▸ Problem details:
Across the records below, count every line that contains the string "lower", then report the count alone.
━━━━━━━━━━
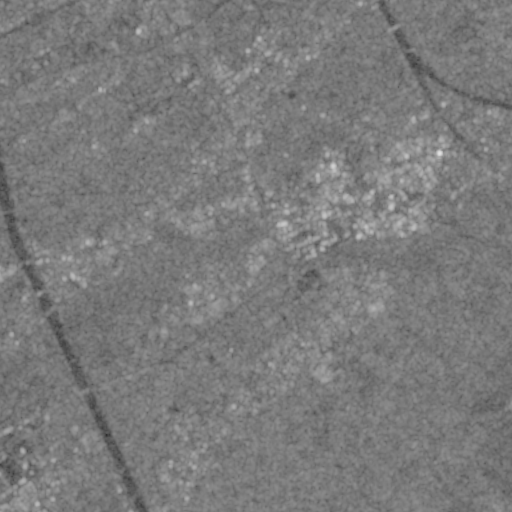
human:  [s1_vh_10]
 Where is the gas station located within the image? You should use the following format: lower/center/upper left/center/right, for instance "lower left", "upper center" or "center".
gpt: The gas station is located in the lower left of the image.
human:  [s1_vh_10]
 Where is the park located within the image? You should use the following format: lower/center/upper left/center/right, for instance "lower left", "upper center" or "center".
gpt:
━━━━━━━━━━
▸ Reply:
3